Kuşkusuz, sevilen birinin ölümünün ardından iyileşmek zaman alır. Sadece arkadaşlardan ve aileden değil, aynı zamanda bir psikologdan da destek almak, bu süreci daha az zor ve daha katlanılabilir hale getirebilir. Bu şekilde, akıl sağlığımızı koruyabilir ve belli bir ölçüde sağlığımıza kavuşabiliriz ki bu, her şeyden önce, o kişinin bizim için istediği şeydir.

Kaynaklar:

Chen, H. et. al.(2022) Kalp Yetersizliğinde Yas ve Prognoz: Bir İsveç Kohort Çalışması. J Am Coll Cardiol HF; 10(10):753–764.

Keyes, KM et. Al.(2014) Kaybın Yükü: Ulusal bir çalışmada sevilen birinin beklenmedik ölümü ve yaşam boyu psikiyatrik bozukluklar. Ben J Psikiyatri; 171(8): 864–871.

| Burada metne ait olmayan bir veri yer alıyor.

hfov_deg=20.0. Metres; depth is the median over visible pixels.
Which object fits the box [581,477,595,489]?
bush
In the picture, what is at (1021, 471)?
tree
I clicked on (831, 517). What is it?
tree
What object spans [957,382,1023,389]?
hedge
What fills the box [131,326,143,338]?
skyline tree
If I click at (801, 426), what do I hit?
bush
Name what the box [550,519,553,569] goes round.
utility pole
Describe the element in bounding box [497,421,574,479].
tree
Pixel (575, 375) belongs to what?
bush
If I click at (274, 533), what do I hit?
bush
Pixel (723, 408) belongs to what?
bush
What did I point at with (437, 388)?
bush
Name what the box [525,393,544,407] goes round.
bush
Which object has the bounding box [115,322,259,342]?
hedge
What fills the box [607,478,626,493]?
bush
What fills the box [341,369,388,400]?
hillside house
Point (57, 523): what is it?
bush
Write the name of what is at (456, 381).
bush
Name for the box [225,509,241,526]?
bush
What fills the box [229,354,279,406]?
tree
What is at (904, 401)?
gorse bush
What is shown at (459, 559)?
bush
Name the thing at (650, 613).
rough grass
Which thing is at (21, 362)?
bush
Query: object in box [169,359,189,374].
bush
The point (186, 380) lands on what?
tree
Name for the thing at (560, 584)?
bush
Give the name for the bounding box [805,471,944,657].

Buckley, T. et. Al.(2012) Yasın fizyolojik bağıntıları ve yas müdahalelerinin etkisi. Diyaloglar Clin Neurosci; 14(2): 129–139.

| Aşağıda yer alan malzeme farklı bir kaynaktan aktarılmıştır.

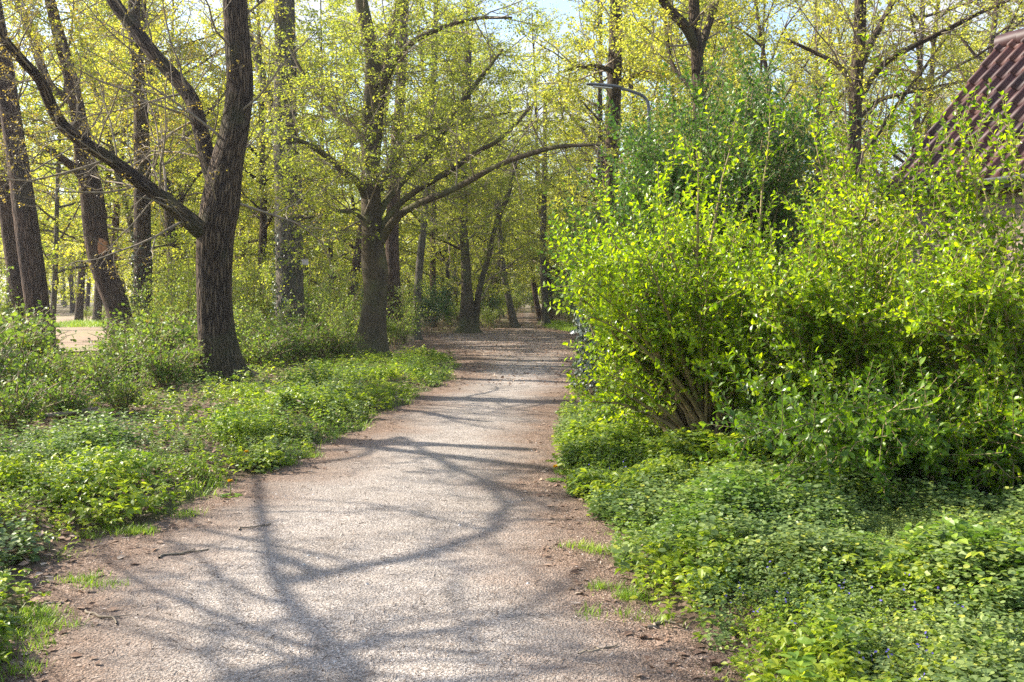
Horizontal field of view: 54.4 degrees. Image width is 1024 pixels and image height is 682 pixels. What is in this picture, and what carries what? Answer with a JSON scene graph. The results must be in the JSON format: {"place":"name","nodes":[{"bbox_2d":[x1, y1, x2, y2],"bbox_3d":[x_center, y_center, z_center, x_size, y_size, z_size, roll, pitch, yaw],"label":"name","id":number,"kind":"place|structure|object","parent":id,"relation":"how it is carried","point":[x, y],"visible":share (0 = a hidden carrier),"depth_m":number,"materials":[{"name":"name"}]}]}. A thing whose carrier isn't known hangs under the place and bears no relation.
{"place":"outdoors","nodes":[
{"label":"outdoors","id":0,"kind":"place"},
{"bbox_2d":[1,313,165,351],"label":"field","id":1,"kind":"structure","parent":0,"point":[82,335],"depth_m":39.73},
{"bbox_2d":[0,313,758,681],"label":"path","id":2,"kind":"structure","parent":0,"point":[398,489],"depth_m":5.88,"materials":[{"name":"gravel"}]},
{"bbox_2d":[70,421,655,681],"bbox_3d":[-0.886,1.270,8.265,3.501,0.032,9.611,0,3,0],"label":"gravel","id":3,"kind":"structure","parent":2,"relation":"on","point":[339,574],"depth_m":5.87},
{"bbox_2d":[0,398,753,681],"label":"wood chips","id":4,"kind":"object","parent":2,"relation":"on","point":[576,602],"visible":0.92,"depth_m":5.35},
{"bbox_2d":[0,297,1013,681],"bbox_3d":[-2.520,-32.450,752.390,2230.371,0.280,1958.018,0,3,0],"label":"ground","id":5,"kind":"structure","parent":0,"point":[232,473],"depth_m":7.74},
{"bbox_2d":[0,328,49,399],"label":"bramble bush","id":6,"kind":"object","parent":5,"relation":"on","point":[6,363],"visible":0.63,"depth_m":12.69,"materials":[{"name":"green plant"}]},
{"bbox_2d":[0,312,49,377],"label":"bramble bush","id":7,"kind":"object","parent":5,"relation":"on","point":[18,332],"visible":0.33,"depth_m":15.78,"materials":[{"name":"green plant"}]},
{"bbox_2d":[0,365,69,433],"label":"bramble bush","id":8,"kind":"object","parent":5,"relation":"on","point":[22,403],"visible":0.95,"depth_m":10.92,"materials":[{"name":"green plant"}]},
{"bbox_2d":[0,297,70,366],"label":"bramble bush","id":9,"kind":"object","parent":5,"relation":"on","point":[28,314],"visible":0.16,"depth_m":21.03,"materials":[{"name":"green plant"}]},
{"bbox_2d":[0,33,72,326],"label":"oak tree","id":10,"kind":"object","parent":5,"relation":"on","point":[9,242],"visible":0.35,"depth_m":26.16,"materials":[{"name":"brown plant"}]},
{"bbox_2d":[0,300,76,381],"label":"bramble bush","id":11,"kind":"object","parent":5,"relation":"on","point":[31,339],"visible":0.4,"depth_m":16.91,"materials":[{"name":"green plant"}]},
{"bbox_2d":[0,336,84,404],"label":"bramble bush","id":12,"kind":"object","parent":5,"relation":"on","point":[39,363],"visible":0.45,"depth_m":13.38,"materials":[{"name":"green plant"}]},
{"bbox_2d":[0,0,112,353],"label":"oak tree","id":13,"kind":"object","parent":5,"relation":"on","point":[30,256],"visible":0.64,"depth_m":23.19,"materials":[{"name":"brown plant"}]},
{"bbox_2d":[20,366,112,423],"bbox_3d":[-5.333,0.654,11.862,0.886,0.737,0.959,2,3,33],"label":"bramble bush","id":14,"kind":"object","parent":5,"relation":"on","point":[74,403],"visible":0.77,"depth_m":11.78,"materials":[{"name":"green plant"}]},
{"bbox_2d":[0,0,135,347],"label":"oak tree","id":15,"kind":"object","parent":5,"relation":"on","point":[94,226],"visible":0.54,"depth_m":26.63,"materials":[{"name":"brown plant"}]},
{"bbox_2d":[40,341,104,390],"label":"bramble bush","id":16,"kind":"object","parent":5,"relation":"on","point":[67,366],"visible":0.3,"depth_m":15.24,"materials":[{"name":"green plant"}]},
{"bbox_2d":[0,0,173,338],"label":"woodland tree","id":17,"kind":"object","parent":5,"relation":"on","point":[53,292],"visible":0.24,"depth_m":34.30,"materials":[{"name":"green plant"}]},
{"bbox_2d":[21,0,169,321],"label":"woodland tree","id":18,"kind":"object","parent":5,"relation":"on","point":[79,309],"visible":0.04,"depth_m":61.53,"materials":[{"name":"green plant"}]},
{"bbox_2d":[64,346,142,399],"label":"bramble bush","id":19,"kind":"object","parent":5,"relation":"on","point":[97,368],"visible":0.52,"depth_m":14.12,"materials":[{"name":"green plant"}]},
{"bbox_2d":[26,0,186,320],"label":"woodland tree","id":20,"kind":"object","parent":5,"relation":"on","point":[97,304],"visible":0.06,"depth_m":59.83,"materials":[{"name":"green plant"}]},
{"bbox_2d":[35,0,197,333],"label":"woodland tree","id":21,"kind":"object","parent":5,"relation":"on","point":[115,222],"visible":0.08,"depth_m":42.15,"materials":[{"name":"green plant"}]},
{"bbox_2d":[87,363,155,413],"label":"bramble bush","id":22,"kind":"object","parent":5,"relation":"on","point":[126,398],"visible":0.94,"depth_m":12.59,"materials":[{"name":"green plant"}]},
{"bbox_2d":[82,323,176,385],"bbox_3d":[-6.216,0.268,16.322,1.482,1.139,1.370,1,3,29],"label":"bramble bush","id":23,"kind":"object","parent":5,"relation":"on","point":[120,348],"visible":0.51,"depth_m":16.21,"materials":[{"name":"green plant"}]},
{"bbox_2d":[19,0,246,304],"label":"woodland tree","id":24,"kind":"object","parent":5,"relation":"on","point":[128,209],"visible":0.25,"depth_m":36.33,"materials":[{"name":"green plant"}]},
{"bbox_2d":[89,303,186,351],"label":"bramble bush","id":25,"kind":"object","parent":5,"relation":"on","point":[140,323],"visible":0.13,"depth_m":22.24,"materials":[{"name":"green plant"}]},
{"bbox_2d":[83,0,212,321],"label":"ivy clad tree","id":26,"kind":"object","parent":5,"relation":"on","point":[142,227],"visible":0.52,"depth_m":30.61,"materials":[{"name":"green plant"}]},
{"bbox_2d":[76,0,225,306],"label":"woodland tree","id":27,"kind":"object","parent":5,"relation":"on","point":[177,196],"visible":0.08,"depth_m":46.44,"materials":[{"name":"green plant"}]},
{"bbox_2d":[110,302,197,360],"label":"bramble bush","id":28,"kind":"object","parent":5,"relation":"on","point":[172,330],"visible":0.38,"depth_m":18.33,"materials":[{"name":"green plant"}]},
{"bbox_2d":[37,0,272,300],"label":"woodland tree","id":29,"kind":"object","parent":5,"relation":"on","point":[169,220],"visible":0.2,"depth_m":41.04,"materials":[{"name":"green plant"}]},
{"bbox_2d":[121,275,196,332],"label":"understory bush","id":30,"kind":"object","parent":5,"relation":"on","point":[150,317],"visible":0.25,"depth_m":26.75,"materials":[{"name":"green plant"}]},
{"bbox_2d":[71,0,253,294],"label":"woodland tree","id":31,"kind":"object","parent":5,"relation":"on","point":[188,1],"visible":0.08,"depth_m":55.06,"materials":[{"name":"green plant"}]},
{"bbox_2d":[135,235,196,330],"bbox_3d":[-8.222,-1.045,24.270,1.898,3.042,2.524,-2,3,-37],"label":"understory bush","id":32,"kind":"object","parent":5,"relation":"on","point":[192,278],"visible":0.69,"depth_m":23.96,"materials":[{"name":"green plant"}]},
{"bbox_2d":[135,261,196,337],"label":"understory bush","id":33,"kind":"object","parent":5,"relation":"on","point":[178,286],"visible":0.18,"depth_m":29.51,"materials":[{"name":"green plant"}]},
{"bbox_2d":[121,335,211,390],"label":"bramble bush","id":34,"kind":"object","parent":5,"relation":"on","point":[160,375],"visible":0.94,"depth_m":15.52,"materials":[{"name":"green plant"}]},
{"bbox_2d":[0,0,353,382],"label":"oak tree","id":35,"kind":"object","parent":5,"relation":"on","point":[211,227],"visible":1,"depth_m":16.86,"materials":[{"name":"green plant"}]},
{"bbox_2d":[118,59,238,316],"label":"woodland tree","id":36,"kind":"object","parent":5,"relation":"on","point":[156,230],"visible":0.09,"depth_m":56.90,"materials":[{"name":"green plant"}]},
{"bbox_2d":[151,331,214,382],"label":"bramble bush","id":37,"kind":"object","parent":5,"relation":"on","point":[193,360],"visible":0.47,"depth_m":16.93,"materials":[{"name":"green plant"}]},
{"bbox_2d":[151,91,270,299],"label":"woodland tree","id":38,"kind":"object","parent":5,"relation":"on","point":[197,204],"visible":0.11,"depth_m":47.58,"materials":[{"name":"green plant"}]},
{"bbox_2d":[232,238,275,326],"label":"understory bush","id":39,"kind":"object","parent":5,"relation":"on","point":[249,291],"visible":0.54,"depth_m":29.82,"materials":[{"name":"green plant"}]},
{"bbox_2d":[177,0,343,324],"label":"woodland tree","id":40,"kind":"object","parent":5,"relation":"on","point":[241,222],"visible":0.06,"depth_m":50.59,"materials":[{"name":"green plant"}]},
{"bbox_2d":[165,0,360,316],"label":"woodland tree","id":41,"kind":"object","parent":5,"relation":"on","point":[263,218],"visible":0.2,"depth_m":43.97,"materials":[{"name":"green plant"}]},
{"bbox_2d":[236,327,291,371],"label":"bramble bush","id":42,"kind":"object","parent":5,"relation":"on","point":[254,354],"visible":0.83,"depth_m":19.46,"materials":[{"name":"green plant"}]},
{"bbox_2d":[180,0,359,340],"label":"ivy clad tree","id":43,"kind":"object","parent":5,"relation":"on","point":[283,13],"visible":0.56,"depth_m":27.07,"materials":[{"name":"green plant"}]},
{"bbox_2d":[233,287,311,338],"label":"understory bush","id":44,"kind":"object","parent":5,"relation":"on","point":[253,314],"visible":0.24,"depth_m":22.92,"materials":[{"name":"green plant"}]},
{"bbox_2d":[233,269,314,323],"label":"understory bush","id":45,"kind":"object","parent":5,"relation":"on","point":[268,303],"visible":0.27,"depth_m":29.74,"materials":[{"name":"green plant"}]},
{"bbox_2d":[237,314,313,366],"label":"bramble bush","id":46,"kind":"object","parent":5,"relation":"on","point":[287,347],"visible":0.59,"depth_m":20.86,"materials":[{"name":"green plant"}]},
{"bbox_2d":[259,314,332,364],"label":"bramble bush","id":47,"kind":"object","parent":5,"relation":"on","point":[300,357],"visible":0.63,"depth_m":21.92,"materials":[{"name":"green plant"}]},
{"bbox_2d":[238,2,360,273],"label":"woodland tree","id":48,"kind":"object","parent":5,"relation":"on","point":[312,43],"visible":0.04,"depth_m":60.54,"materials":[{"name":"green plant"}]},
{"bbox_2d":[272,264,360,339],"bbox_3d":[-6.174,-1.041,30.940,2.996,2.734,2.913,1,3,16],"label":"understory bush","id":49,"kind":"object","parent":5,"relation":"on","point":[319,297],"visible":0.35,"depth_m":30.90,"materials":[{"name":"green plant"}]},
{"bbox_2d":[289,314,355,361],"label":"bramble bush","id":50,"kind":"object","parent":5,"relation":"on","point":[336,341],"visible":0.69,"depth_m":22.41,"materials":[{"name":"green plant"}]},
{"bbox_2d":[240,0,410,330],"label":"woodland tree","id":51,"kind":"object","parent":5,"relation":"on","point":[330,249],"visible":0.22,"depth_m":46.03,"materials":[{"name":"green plant"}]},
{"bbox_2d":[291,284,362,344],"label":"understory bush","id":52,"kind":"object","parent":5,"relation":"on","point":[314,318],"visible":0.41,"depth_m":27.75,"materials":[{"name":"green plant"}]},
{"bbox_2d":[314,245,363,343],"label":"understory bush","id":53,"kind":"object","parent":5,"relation":"on","point":[360,282],"visible":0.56,"depth_m":32.78,"materials":[{"name":"green plant"}]},
{"bbox_2d":[300,292,389,342],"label":"understory bush","id":54,"kind":"object","parent":5,"relation":"on","point":[347,320],"visible":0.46,"depth_m":25.44,"materials":[{"name":"green plant"}]},
{"bbox_2d":[272,11,429,271],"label":"woodland tree","id":55,"kind":"object","parent":5,"relation":"on","point":[353,203],"visible":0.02,"depth_m":65.98,"materials":[{"name":"green plant"}]},
{"bbox_2d":[262,0,482,323],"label":"woodland tree","id":56,"kind":"object","parent":5,"relation":"on","point":[356,264],"visible":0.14,"depth_m":43.04,"materials":[{"name":"green plant"}]},
{"bbox_2d":[301,0,480,344],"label":"brown tree","id":57,"kind":"object","parent":5,"relation":"on","point":[392,250],"visible":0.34,"depth_m":32.65,"materials":[{"name":"green plant"}]},
{"bbox_2d":[348,98,448,294],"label":"woodland tree","id":58,"kind":"object","parent":5,"relation":"on","point":[410,237],"visible":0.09,"depth_m":71.64,"materials":[{"name":"green plant"}]},
{"bbox_2d":[320,0,483,340],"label":"dark tree","id":59,"kind":"object","parent":5,"relation":"on","point":[420,258],"visible":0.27,"depth_m":36.73,"materials":[{"name":"green plant"}]},
{"bbox_2d":[386,297,424,349],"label":"understory bush","id":60,"kind":"object","parent":5,"relation":"on","point":[395,327],"visible":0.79,"depth_m":28.93,"materials":[{"name":"green plant"}]},
{"bbox_2d":[0,318,820,681],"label":"grass","id":61,"kind":"structure","parent":5,"relation":"on","point":[136,530],"depth_m":5.78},
{"bbox_2d":[386,279,445,343],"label":"understory bush","id":62,"kind":"object","parent":5,"relation":"on","point":[404,301],"visible":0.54,"depth_m":32.73,"materials":[{"name":"green plant"}]},
{"bbox_2d":[217,0,636,358],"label":"beech tree","id":63,"kind":"object","parent":5,"relation":"on","point":[370,183],"visible":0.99,"depth_m":23.81,"materials":[{"name":"green plant"}]},
{"bbox_2d":[407,278,454,334],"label":"understory bush","id":64,"kind":"object","parent":5,"relation":"on","point":[430,306],"visible":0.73,"depth_m":41.85,"materials":[{"name":"green plant"}]},
{"bbox_2d":[424,276,459,330],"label":"understory bush","id":65,"kind":"object","parent":5,"relation":"on","point":[447,291],"visible":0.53,"depth_m":46.71,"materials":[{"name":"green plant"}]},
{"bbox_2d":[357,0,534,327],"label":"woodland tree","id":66,"kind":"object","parent":5,"relation":"on","point":[433,242],"visible":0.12,"depth_m":52.05,"materials":[{"name":"green plant"}]},
{"bbox_2d":[0,126,924,311],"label":"wood","id":67,"kind":"object","parent":5,"relation":"on","point":[64,302],"visible":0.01,"depth_m":122.13,"materials":[{"name":"green plant"}]},
{"bbox_2d":[387,0,548,267],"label":"woodland tree","id":68,"kind":"object","parent":5,"relation":"on","point":[445,243],"visible":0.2,"depth_m":50.88,"materials":[{"name":"green plant"}]},
{"bbox_2d":[384,8,553,333],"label":"beech tree","id":69,"kind":"object","parent":5,"relation":"on","point":[468,321],"visible":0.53,"depth_m":43.72,"materials":[{"name":"green plant"}]},
{"bbox_2d":[399,0,540,324],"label":"woodland tree","id":70,"kind":"object","parent":5,"relation":"on","point":[448,260],"visible":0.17,"depth_m":55.08,"materials":[{"name":"green plant"}]},
{"bbox_2d":[399,0,541,318],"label":"woodland tree","id":71,"kind":"object","parent":5,"relation":"on","point":[416,242],"visible":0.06,"depth_m":69.69,"materials":[{"name":"green plant"}]},
{"bbox_2d":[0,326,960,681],"bbox_3d":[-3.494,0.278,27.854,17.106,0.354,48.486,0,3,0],"label":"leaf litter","id":72,"kind":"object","parent":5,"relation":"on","point":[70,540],"visible":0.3,"depth_m":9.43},
{"bbox_2d":[446,113,548,327],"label":"leaning tree","id":73,"kind":"object","parent":5,"relation":"on","point":[513,321],"visible":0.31,"depth_m":50.77,"materials":[{"name":"green plant"}]},
{"bbox_2d":[438,54,575,315],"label":"woodland tree","id":74,"kind":"object","parent":5,"relation":"on","point":[472,269],"visible":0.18,"depth_m":61.14,"materials":[{"name":"green plant"}]},
{"bbox_2d":[0,344,1023,681],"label":"ground cover","id":75,"kind":"object","parent":5,"relation":"on","point":[744,528],"visible":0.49,"depth_m":6.16,"materials":[{"name":"green plant"}]},
{"bbox_2d":[490,167,568,320],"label":"leaning tree","id":76,"kind":"object","parent":5,"relation":"on","point":[538,310],"visible":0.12,"depth_m":65.77,"materials":[{"name":"brown plant"}]},
{"bbox_2d":[477,0,594,319],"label":"woodland tree","id":77,"kind":"object","parent":5,"relation":"on","point":[548,279],"visible":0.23,"depth_m":61.55,"materials":[{"name":"green plant"}]},
{"bbox_2d":[495,78,594,324],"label":"dark tree","id":78,"kind":"object","parent":5,"relation":"on","point":[545,319],"visible":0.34,"depth_m":55.65,"materials":[{"name":"green plant"}]},
{"bbox_2d":[493,18,616,316],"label":"woodland tree","id":79,"kind":"object","parent":5,"relation":"on","point":[537,270],"visible":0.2,"depth_m":57.95,"materials":[{"name":"green plant"}]},
{"bbox_2d":[564,294,614,393],"bbox_3d":[1.849,-0.070,16.147,1.996,1.831,2.479,0,3,0],"label":"ivy mound","id":80,"kind":"object","parent":5,"relation":"on","point":[581,331],"visible":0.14,"depth_m":15.85,"materials":[{"name":"green plant"}]},
{"bbox_2d":[530,144,649,392],"bbox_3d":[1.302,-0.919,14.408,2.065,3.617,2.550,0,3,0],"label":"dark shrub","id":81,"kind":"object","parent":5,"relation":"on","point":[617,218],"visible":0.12,"depth_m":14.26,"materials":[{"name":"green plant"}]},
{"bbox_2d":[511,0,686,241],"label":"woodland tree","id":82,"kind":"object","parent":5,"relation":"on","point":[596,107],"visible":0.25,"depth_m":53.86,"materials":[{"name":"green plant"}]},
{"bbox_2d":[504,0,714,279],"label":"ivy clad tree","id":83,"kind":"object","parent":5,"relation":"on","point":[613,65],"visible":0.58,"depth_m":26.11,"materials":[{"name":"green plant"}]},
{"bbox_2d":[556,0,692,243],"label":"woodland tree","id":84,"kind":"object","parent":5,"relation":"on","point":[632,97],"visible":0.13,"depth_m":46.57,"materials":[{"name":"green plant"}]},
{"bbox_2d":[538,88,820,440],"bbox_3d":[1.594,-0.569,9.466,2.774,3.436,3.359,0,3,0],"label":"leafy shrub","id":85,"kind":"object","parent":5,"relation":"on","point":[673,347],"visible":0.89,"depth_m":8.86,"materials":[{"name":"green plant"}]},
{"bbox_2d":[591,0,781,199],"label":"oak tree","id":86,"kind":"object","parent":5,"relation":"on","point":[691,30],"visible":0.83,"depth_m":22.61,"materials":[{"name":"green plant"}]},
{"bbox_2d":[587,0,793,250],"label":"woodland tree","id":87,"kind":"object","parent":5,"relation":"on","point":[683,73],"visible":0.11,"depth_m":34.53,"materials":[{"name":"green plant"}]},
{"bbox_2d":[592,0,821,221],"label":"woodland tree","id":88,"kind":"object","parent":5,"relation":"on","point":[745,43],"visible":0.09,"depth_m":38.48,"materials":[{"name":"green plant"}]},
{"bbox_2d":[621,0,798,242],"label":"woodland tree","id":89,"kind":"object","parent":5,"relation":"on","point":[773,19],"visible":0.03,"depth_m":47.35,"materials":[{"name":"green plant"}]},
{"bbox_2d":[590,14,867,305],"bbox_3d":[2.998,-1.631,13.233,3.956,5.161,3.863,0,3,0],"label":"dark shrub","id":90,"kind":"object","parent":5,"relation":"on","point":[675,185],"visible":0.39,"depth_m":12.55,"materials":[{"name":"green plant"}]},
{"bbox_2d":[662,0,831,236],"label":"woodland tree","id":91,"kind":"object","parent":5,"relation":"on","point":[723,34],"visible":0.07,"depth_m":48.63,"materials":[{"name":"green plant"}]},
{"bbox_2d":[711,0,850,188],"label":"woodland tree","id":92,"kind":"object","parent":5,"relation":"on","point":[761,61],"visible":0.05,"depth_m":50.65,"materials":[{"name":"green plant"}]},
{"bbox_2d":[659,0,908,339],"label":"woodland tree","id":93,"kind":"object","parent":5,"relation":"on","point":[762,43],"visible":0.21,"depth_m":36.02,"materials":[{"name":"green plant"}]},
{"bbox_2d":[762,0,899,271],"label":"woodland tree","id":94,"kind":"object","parent":5,"relation":"on","point":[816,59],"visible":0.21,"depth_m":44.16,"materials":[{"name":"green plant"}]},
{"bbox_2d":[698,33,967,464],"bbox_3d":[2.844,-0.573,8.762,2.185,4.180,3.542,1,3,15],"label":"leafy shrub","id":95,"kind":"object","parent":5,"relation":"on","point":[831,320],"visible":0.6,"depth_m":8.08,"materials":[{"name":"green plant"}]},
{"bbox_2d":[763,0,909,260],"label":"woodland tree","id":96,"kind":"object","parent":5,"relation":"on","point":[837,84],"visible":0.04,"depth_m":63.94,"materials":[{"name":"green plant"}]},
{"bbox_2d":[766,0,927,278],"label":"woodland tree","id":97,"kind":"object","parent":5,"relation":"on","point":[879,167],"visible":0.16,"depth_m":54.16,"materials":[{"name":"green plant"}]},
{"bbox_2d":[696,346,1023,504],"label":"leafy shrub","id":98,"kind":"object","parent":5,"relation":"on","point":[892,439],"visible":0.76,"depth_m":6.82,"materials":[{"name":"green plant"}]},
{"bbox_2d":[750,0,1023,248],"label":"oak tree","id":99,"kind":"object","parent":5,"relation":"on","point":[860,56],"visible":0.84,"depth_m":19.25,"materials":[{"name":"green plant"}]},
{"bbox_2d":[788,0,986,243],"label":"woodland tree","id":100,"kind":"object","parent":5,"relation":"on","point":[933,42],"visible":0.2,"depth_m":42.66,"materials":[{"name":"green plant"}]},
{"bbox_2d":[822,0,1023,162],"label":"woodland tree","id":101,"kind":"object","parent":5,"relation":"on","point":[992,38],"visible":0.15,"depth_m":35.00,"materials":[{"name":"green plant"}]},
{"bbox_2d":[827,0,1023,331],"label":"woodland tree","id":102,"kind":"object","parent":5,"relation":"on","point":[916,121],"visible":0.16,"depth_m":33.65,"materials":[{"name":"green plant"}]},
{"bbox_2d":[839,78,1023,498],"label":"leafy shrub","id":103,"kind":"object","parent":5,"relation":"on","point":[986,325],"visible":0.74,"depth_m":7.47,"materials":[{"name":"green plant"}]},
{"bbox_2d":[877,28,1023,378],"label":"brick shed","id":104,"kind":"structure","parent":5,"relation":"on","point":[1002,65],"depth_m":12.13,"materials":[{"name":"tile"}]},
{"bbox_2d":[883,0,1022,207],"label":"woodland tree","id":105,"kind":"object","parent":5,"relation":"on","point":[988,26],"visible":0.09,"depth_m":47.00,"materials":[{"name":"green plant"}]},
{"bbox_2d":[0,0,1023,296],"label":"sky","id":106,"kind":"structure","parent":0,"point":[565,6],"materials":[{"name":"white"}]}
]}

Ay, JR et. Al.(2011) Dulluk ve Ölümlülük: Bir Meta-Analiz. Plos Bir; 10.1371.

Giriş Bir aile üyesinin ölümü ile nasıl başa çıkılır? se publicó primero tr Psikolojinin Köşesi.

- İlan -
Önceki makalePiqué ve Clara Chia Marti, hastaneye kaldırıldığı haberinin ardından birlikte görüntülendi: fotoğraf
Sonraki makaleWilliam ve Kate ile Akşam Yemeği: Galler prensleri ne yer?
MusaNews yazı işleri ekibi
Dergimizin bu bölümü, diğer Bloglar ve web üzerindeki en önemli ve tanınmış Dergiler tarafından düzenlenen ve beslemelerini değiş tokuşa açık bırakarak paylaşıma izin veren en ilginç, güzel ve ilgili makalelerin paylaşılmasına da değinmektedir. Bu, ücretsiz ve kar amacı gütmeden yapılır, ancak yalnızca web topluluğunda ifade edilen içeriklerin değerini paylaşmak amacıyla yapılır. Öyleyse… neden hala moda gibi konularda yazasınız? Makyaj? Dedikodu? Estetik, güzellik ve seks? Yada daha fazla? Çünkü kadınlar ve ilhamları bunu yaptığında her şey yeni bir vizyona, yeni bir yöne, yeni bir ironiye bürünür. Her şey değişir ve her şey yeni gölgeler ve gölgelerle aydınlanır, çünkü kadın evreni sonsuz ve her zaman yeni renklerle kocaman bir palettir! Daha zeki, daha incelikli, hassas, daha güzel bir zeka ... ... ve güzellik dünyayı kurtaracak!